I've been doing option 1 under 0.6. As usual in cassandra though a lot depends on how you access the data.
- If you often want to get the user and all of the objects they have, use option 2. It's easier to have one read from one CF to answer your query.
- In your OwnerIndex CF consider making the column name something meaningful such as the Object Name or Timestamp (if it has one) so you can slice against it, e.g. to support paging operations. Make the column value the key for the object.
On 15 Sep, 2010,at 02:41 AM, Janne Jalkanen <firstname.lastname@example.org> wrote:
I'm pondering between a couple of alternatives here: I've got two CFs, one which contains Objects, and one which contains Users. Now, each Object has an owner associated to it, so obviously I need some sort of an index to point from Users to Objects. This would be of course the perfect usecase for secondary indices on 0.7, but I'm still on 0.6.x.

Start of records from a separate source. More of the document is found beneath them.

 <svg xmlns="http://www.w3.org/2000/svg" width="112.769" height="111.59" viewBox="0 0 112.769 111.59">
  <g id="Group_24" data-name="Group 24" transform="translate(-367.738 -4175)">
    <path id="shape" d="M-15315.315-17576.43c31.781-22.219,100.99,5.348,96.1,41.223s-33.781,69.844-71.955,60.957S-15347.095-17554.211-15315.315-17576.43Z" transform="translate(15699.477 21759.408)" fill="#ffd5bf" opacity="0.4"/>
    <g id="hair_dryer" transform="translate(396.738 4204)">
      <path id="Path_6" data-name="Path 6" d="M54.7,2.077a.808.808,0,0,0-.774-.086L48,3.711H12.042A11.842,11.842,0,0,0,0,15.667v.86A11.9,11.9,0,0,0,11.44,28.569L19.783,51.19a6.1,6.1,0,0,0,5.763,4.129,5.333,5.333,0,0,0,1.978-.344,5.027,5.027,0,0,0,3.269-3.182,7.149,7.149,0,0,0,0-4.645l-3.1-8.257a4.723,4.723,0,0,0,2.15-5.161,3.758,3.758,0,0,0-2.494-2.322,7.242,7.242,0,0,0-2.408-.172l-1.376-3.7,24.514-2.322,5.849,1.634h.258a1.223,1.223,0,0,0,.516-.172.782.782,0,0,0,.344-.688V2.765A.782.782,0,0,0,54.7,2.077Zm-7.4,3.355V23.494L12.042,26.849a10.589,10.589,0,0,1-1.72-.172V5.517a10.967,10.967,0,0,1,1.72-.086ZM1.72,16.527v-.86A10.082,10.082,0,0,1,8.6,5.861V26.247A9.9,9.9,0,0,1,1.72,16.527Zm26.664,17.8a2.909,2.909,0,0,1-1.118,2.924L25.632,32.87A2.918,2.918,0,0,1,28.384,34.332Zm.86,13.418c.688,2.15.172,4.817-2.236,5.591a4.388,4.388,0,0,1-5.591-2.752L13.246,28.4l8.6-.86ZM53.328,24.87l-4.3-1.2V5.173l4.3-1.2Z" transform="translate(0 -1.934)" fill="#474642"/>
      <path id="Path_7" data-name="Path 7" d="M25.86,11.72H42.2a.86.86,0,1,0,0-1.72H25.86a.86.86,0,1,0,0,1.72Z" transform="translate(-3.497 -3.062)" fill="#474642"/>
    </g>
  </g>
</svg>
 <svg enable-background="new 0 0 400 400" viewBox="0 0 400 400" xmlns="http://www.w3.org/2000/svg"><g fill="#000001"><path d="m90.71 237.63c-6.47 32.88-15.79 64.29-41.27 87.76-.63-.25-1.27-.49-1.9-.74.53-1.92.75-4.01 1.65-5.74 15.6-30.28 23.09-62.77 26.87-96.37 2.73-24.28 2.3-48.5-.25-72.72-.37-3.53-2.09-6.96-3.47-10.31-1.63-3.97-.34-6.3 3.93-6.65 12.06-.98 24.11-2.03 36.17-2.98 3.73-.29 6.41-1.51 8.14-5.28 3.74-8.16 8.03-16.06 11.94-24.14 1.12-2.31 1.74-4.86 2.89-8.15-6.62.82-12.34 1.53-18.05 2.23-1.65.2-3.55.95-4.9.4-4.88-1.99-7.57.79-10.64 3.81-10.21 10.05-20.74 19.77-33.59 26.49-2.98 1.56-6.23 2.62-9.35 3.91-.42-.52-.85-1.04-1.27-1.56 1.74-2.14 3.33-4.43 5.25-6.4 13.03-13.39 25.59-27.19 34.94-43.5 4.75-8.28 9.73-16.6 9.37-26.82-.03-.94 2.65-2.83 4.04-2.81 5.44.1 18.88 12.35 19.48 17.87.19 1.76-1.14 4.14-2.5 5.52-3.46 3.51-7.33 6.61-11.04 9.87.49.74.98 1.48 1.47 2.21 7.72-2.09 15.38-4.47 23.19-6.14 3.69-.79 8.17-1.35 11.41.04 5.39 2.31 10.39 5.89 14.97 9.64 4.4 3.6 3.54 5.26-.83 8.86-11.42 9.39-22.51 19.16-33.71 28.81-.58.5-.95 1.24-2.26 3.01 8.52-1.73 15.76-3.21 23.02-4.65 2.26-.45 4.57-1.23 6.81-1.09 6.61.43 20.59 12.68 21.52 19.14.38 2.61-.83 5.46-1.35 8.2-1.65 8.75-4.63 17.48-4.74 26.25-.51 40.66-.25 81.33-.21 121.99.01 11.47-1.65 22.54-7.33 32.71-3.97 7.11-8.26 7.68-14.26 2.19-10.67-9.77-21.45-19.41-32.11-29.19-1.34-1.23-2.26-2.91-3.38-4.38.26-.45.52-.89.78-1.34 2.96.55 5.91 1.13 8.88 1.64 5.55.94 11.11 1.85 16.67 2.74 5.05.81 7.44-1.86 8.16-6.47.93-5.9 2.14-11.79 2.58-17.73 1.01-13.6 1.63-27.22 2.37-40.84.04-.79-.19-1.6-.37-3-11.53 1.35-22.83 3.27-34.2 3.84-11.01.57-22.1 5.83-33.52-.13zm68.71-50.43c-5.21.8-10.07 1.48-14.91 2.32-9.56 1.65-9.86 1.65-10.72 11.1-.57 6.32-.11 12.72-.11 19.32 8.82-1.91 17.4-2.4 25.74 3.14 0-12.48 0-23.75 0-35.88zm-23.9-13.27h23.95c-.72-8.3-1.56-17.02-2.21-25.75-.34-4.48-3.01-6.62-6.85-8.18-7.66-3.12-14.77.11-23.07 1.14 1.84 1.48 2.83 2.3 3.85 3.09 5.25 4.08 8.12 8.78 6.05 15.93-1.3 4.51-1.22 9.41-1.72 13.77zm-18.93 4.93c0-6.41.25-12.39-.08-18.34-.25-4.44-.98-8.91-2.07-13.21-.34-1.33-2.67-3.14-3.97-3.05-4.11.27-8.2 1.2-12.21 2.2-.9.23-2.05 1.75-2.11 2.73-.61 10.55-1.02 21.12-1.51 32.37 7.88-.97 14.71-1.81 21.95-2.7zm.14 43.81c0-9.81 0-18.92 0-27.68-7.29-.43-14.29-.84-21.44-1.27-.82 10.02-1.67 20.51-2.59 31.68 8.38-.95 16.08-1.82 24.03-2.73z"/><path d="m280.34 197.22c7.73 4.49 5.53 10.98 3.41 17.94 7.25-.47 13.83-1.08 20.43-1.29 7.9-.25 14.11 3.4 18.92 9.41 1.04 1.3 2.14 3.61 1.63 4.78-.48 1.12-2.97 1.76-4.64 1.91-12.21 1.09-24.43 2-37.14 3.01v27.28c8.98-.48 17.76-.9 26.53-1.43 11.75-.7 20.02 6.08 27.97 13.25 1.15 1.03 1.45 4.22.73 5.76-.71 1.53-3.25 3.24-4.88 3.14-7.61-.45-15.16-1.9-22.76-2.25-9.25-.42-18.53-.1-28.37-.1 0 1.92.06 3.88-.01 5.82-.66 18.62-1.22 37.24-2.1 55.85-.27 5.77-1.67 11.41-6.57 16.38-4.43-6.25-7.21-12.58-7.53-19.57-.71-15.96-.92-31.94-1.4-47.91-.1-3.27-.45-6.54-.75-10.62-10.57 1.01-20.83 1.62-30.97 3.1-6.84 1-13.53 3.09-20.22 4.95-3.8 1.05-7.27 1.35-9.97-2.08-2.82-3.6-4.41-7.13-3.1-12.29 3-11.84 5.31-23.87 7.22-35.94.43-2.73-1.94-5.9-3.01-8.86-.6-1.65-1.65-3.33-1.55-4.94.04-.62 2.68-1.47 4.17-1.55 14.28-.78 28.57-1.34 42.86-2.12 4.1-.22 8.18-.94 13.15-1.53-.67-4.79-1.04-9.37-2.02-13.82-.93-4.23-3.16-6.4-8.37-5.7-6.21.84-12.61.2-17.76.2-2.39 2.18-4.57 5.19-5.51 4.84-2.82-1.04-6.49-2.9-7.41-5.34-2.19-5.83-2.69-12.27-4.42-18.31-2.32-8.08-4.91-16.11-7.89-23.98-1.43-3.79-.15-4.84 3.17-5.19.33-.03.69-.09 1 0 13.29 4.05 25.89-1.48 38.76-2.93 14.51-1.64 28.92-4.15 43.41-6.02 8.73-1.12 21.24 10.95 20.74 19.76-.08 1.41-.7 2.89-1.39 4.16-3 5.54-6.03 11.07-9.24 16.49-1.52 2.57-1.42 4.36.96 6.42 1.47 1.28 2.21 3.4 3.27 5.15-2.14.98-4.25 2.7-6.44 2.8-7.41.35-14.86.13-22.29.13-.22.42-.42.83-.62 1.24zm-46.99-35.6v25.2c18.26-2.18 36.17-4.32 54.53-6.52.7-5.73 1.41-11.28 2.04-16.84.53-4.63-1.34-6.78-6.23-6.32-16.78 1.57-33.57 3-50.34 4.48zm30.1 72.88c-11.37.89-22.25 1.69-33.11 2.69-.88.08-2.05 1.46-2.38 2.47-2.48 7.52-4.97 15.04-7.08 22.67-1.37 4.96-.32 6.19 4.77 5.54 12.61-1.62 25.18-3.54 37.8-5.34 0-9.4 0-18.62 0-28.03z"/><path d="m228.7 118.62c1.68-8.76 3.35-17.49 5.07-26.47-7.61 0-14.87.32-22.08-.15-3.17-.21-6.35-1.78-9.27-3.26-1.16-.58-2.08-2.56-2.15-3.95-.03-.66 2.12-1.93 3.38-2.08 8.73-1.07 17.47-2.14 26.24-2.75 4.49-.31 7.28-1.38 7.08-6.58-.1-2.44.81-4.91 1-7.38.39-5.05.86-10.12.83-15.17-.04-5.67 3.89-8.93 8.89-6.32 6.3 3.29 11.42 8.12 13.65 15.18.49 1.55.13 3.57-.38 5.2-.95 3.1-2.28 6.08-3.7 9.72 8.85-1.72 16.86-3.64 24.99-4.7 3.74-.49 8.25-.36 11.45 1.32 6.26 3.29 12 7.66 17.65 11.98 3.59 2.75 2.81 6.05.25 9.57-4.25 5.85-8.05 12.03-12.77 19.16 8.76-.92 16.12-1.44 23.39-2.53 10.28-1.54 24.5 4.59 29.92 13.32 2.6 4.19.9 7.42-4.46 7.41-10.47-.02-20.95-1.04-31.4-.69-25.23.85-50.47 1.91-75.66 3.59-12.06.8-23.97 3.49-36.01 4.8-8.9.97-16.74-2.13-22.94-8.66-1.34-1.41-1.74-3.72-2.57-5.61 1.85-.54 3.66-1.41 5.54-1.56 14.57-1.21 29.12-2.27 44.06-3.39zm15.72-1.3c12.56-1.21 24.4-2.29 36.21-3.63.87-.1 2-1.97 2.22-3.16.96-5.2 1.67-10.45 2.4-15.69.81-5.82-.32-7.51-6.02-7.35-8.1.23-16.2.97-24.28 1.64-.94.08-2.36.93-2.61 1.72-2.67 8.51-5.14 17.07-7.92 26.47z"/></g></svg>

So, esteemed Cassandra-heads, I'm pondering what would be a better design here:
1) I can create a separate CF "OwnerIdx" which has user id's as keys, and then each of the columns points at an object (with a dummy value, since I just need a list). This would add a new CF, but on the other hand, this would be easy to drop once 0.7 comes along and I can just make a index query to the Objects CF, OR
2) Put the index inside the Users CF, with "object:<id>" for column name and a dummy value, and then get slices as necessary? This would mean less CFs (and hence no schema modification), but might mean that I have to clean it up at some point.
I don't yet have a lot of CFs, so I'm not worried about mem consumption really. The Users CF is very read-heavy as-is, but the index and Objects will be a bit more balanced.
Experiences? Recommendations? Tips? Other possibilities? What other considerations should I take into account?